What Is Regression Analysis
Regression analysis is a statistical method that assessors use to estimate property values by identifying relationships between sale prices and property characteristics like square footage, lot size, age, and location. The assessor plugs in data from recent comparable sales, then the regression model calculates how much each feature contributes to the final value. This produces a formula that assigns a predicted value to properties in the jurisdiction.
How Assessors Use It in Mass Appraisal
Most county assessors rely on regression analysis as the foundation of mass appraisal systems. Rather than individually appraising 50,000 properties, they use computer assisted mass appraisal software to run regression models against all properties at once. The model identifies which comparable sales best predict value, then applies those relationships across the entire jurisdiction. This approach keeps appraisals consistent but introduces systematic errors when the model doesn't fit your property type well.

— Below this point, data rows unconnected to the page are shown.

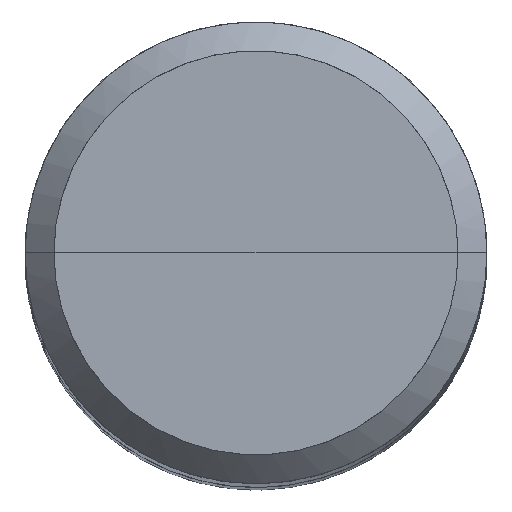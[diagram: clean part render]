
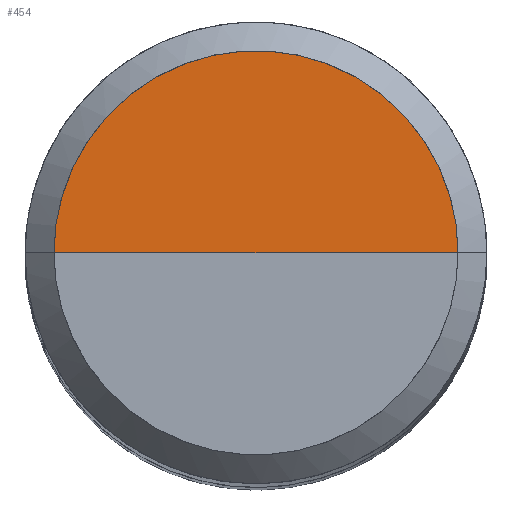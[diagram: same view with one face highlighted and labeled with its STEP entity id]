
A CAD part, top view. The second image highlights one B-rep face of the part: STEP entity #454.
In plain terms, the highlighted free-form (B-spline) face has degree [1, 2] with [2, 5] control points.
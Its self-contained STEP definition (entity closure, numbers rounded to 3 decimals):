
#81=CARTESIAN_POINT('',(-3.5,0.,33.));
#85=CARTESIAN_POINT('',(3.5,0.,33.));
#86=CARTESIAN_POINT('',(0.,0.,33.));
#108=CARTESIAN_POINT('',(3.5,3.5,33.));
#109=CARTESIAN_POINT('',(0.,3.5,33.));
#110=CARTESIAN_POINT('',(-3.5,3.5,33.));
#439=(
BOUNDED_SURFACE()
B_SPLINE_SURFACE(1,2,(
(#85,#108,#109,#110,#81),
(#86,#86,#86,#86,#86)
), .UNSPECIFIED.,.F.,.F.,.F.)
B_SPLINE_SURFACE_WITH_KNOTS((2,2),(3,2,3),(
0.,1.),(
0.,0.5,1.), .UNSPECIFIED.)
GEOMETRIC_REPRESENTATION_ITEM()
RATIONAL_B_SPLINE_SURFACE(((1.,0.707,1.,0.707,1.),
(1.,0.707,1.,0.707,1.)
))
REPRESENTATION_ITEM('')
SURFACE()
);
#440=(
BOUNDED_CURVE()
B_SPLINE_CURVE(2,(#81,#110,#109,#108,#85),.UNSPECIFIED.,.F.,.F.)
B_SPLINE_CURVE_WITH_KNOTS((3,2,3),
(0.,0.5,1.),.UNSPECIFIED.)
CURVE()
GEOMETRIC_REPRESENTATION_ITEM()
RATIONAL_B_SPLINE_CURVE((1.,0.707,1.,0.707,1.))
REPRESENTATION_ITEM('')
);
#441=(
BOUNDED_CURVE()
B_SPLINE_CURVE(1,(#85,#86),.UNSPECIFIED.,.F.,.F.)
B_SPLINE_CURVE_WITH_KNOTS((2,2),
(0.,1.),.UNSPECIFIED.)
CURVE()
GEOMETRIC_REPRESENTATION_ITEM()
RATIONAL_B_SPLINE_CURVE((1.,1.))
REPRESENTATION_ITEM('')
);
#442=(
BOUNDED_CURVE()
B_SPLINE_CURVE(1,(#86,#81),.UNSPECIFIED.,.F.,.F.)
B_SPLINE_CURVE_WITH_KNOTS((2,2),
(0.,1.),.UNSPECIFIED.)
CURVE()
GEOMETRIC_REPRESENTATION_ITEM()
RATIONAL_B_SPLINE_CURVE((1.,1.))
REPRESENTATION_ITEM('')
);
#443=VERTEX_POINT('',#81);
#444=VERTEX_POINT('',#85);
#445=VERTEX_POINT('',#86);
#446=EDGE_CURVE('',#443,#444,#440,.T.);
#447=EDGE_CURVE('',#444,#445,#441,.T.);
#448=EDGE_CURVE('',#445,#443,#442,.T.);
#449=ORIENTED_EDGE('',*,*,#446,.T.);
#450=ORIENTED_EDGE('',*,*,#447,.T.);
#451=ORIENTED_EDGE('',*,*,#448,.T.);
#452=EDGE_LOOP('',(#449,#450,#451));
#453=FACE_OUTER_BOUND('',#452,.T.);
#454=ADVANCED_FACE('',(#453),#439,.T.);

For example, if an assessor's regression model underweights waterfront location because only 15 sales had waterfront access, your waterfront property may be undervalued relative to its comparable sales. Conversely, if the model assumes all garages add $8,000 to value but your garage is detached and rarely used, you may be overvalued.
What You Can Challenge at Board of Review Hearings
During a board of review hearing or formal appeal, you can contest how the regression model valued your property. Effective challenges focus on three areas:
- Comparable sales selection: The model may have excluded recent sales of truly comparable properties or included sales that don't match your property type. If a foreclosure or distressed sale skewed the data, that's worth flagging.
- Feature weightings: Challenge specific assumptions. If the model assigns equal value to all renovations regardless of quality, or doesn't account for your property's unique condition, you have grounds to argue the assessment ratio is too high.
- Assessment ratio accuracy: Your state publishes assessment ratios showing what percentage of market value the assessor used. Illinois requires a 33% assessment ratio, but if your property was assessed at 45% of its market value while neighbors were assessed at 28%, regression analysis didn't work fairly for you.
Building Your Case with Comparable Sales Data
Request the assessor's comparable sales list and regression model documentation. You're entitled to this under most state freedom of information laws. Then find your own recent comparable sales from the past 6 to 12 months, preferably arm's length transactions in similar neighborhoods. If market data shows your property should trade at $320,000 but it's assessed at $400,000 (at a 33% ratio, that implies a $1.2 million value), the regression model failed to capture market reality.
Document any property features the model appears to have ignored. Missing pool, additional lot acreage, or architectural significance all factor into regression weightings. Bring photos, recent appraisals, and repair estimates if your property condition differs materially from the model's assumptions.
Common Questions
- Can I see the actual regression formula the assessor used? In most states, yes. Request the regression coefficients and model statistics from the assessor's office. Look for the R-squared value, which indicates how well the model explains price variation. An R-squared below 0.70 suggests the model has significant predictive problems, strengthening your appeal argument.
- What if the assessor's comparable sales are old or cherry-picked? File a formal objection before your board of review hearing. Provide documentation showing the assessor ignored recent comparable sales or included outliers. Courts have reduced assessments when regression models were based on stale or unrepresentative data.
- Does regression analysis apply to agricultural or industrial property? Regression models work poorly for specialized property types with few comparable sales. If your property falls outside typical categories, the assessor may have forced an inappropriate model. This is one of the strongest appeal arguments because regression analysis has documented limitations for non-standard properties.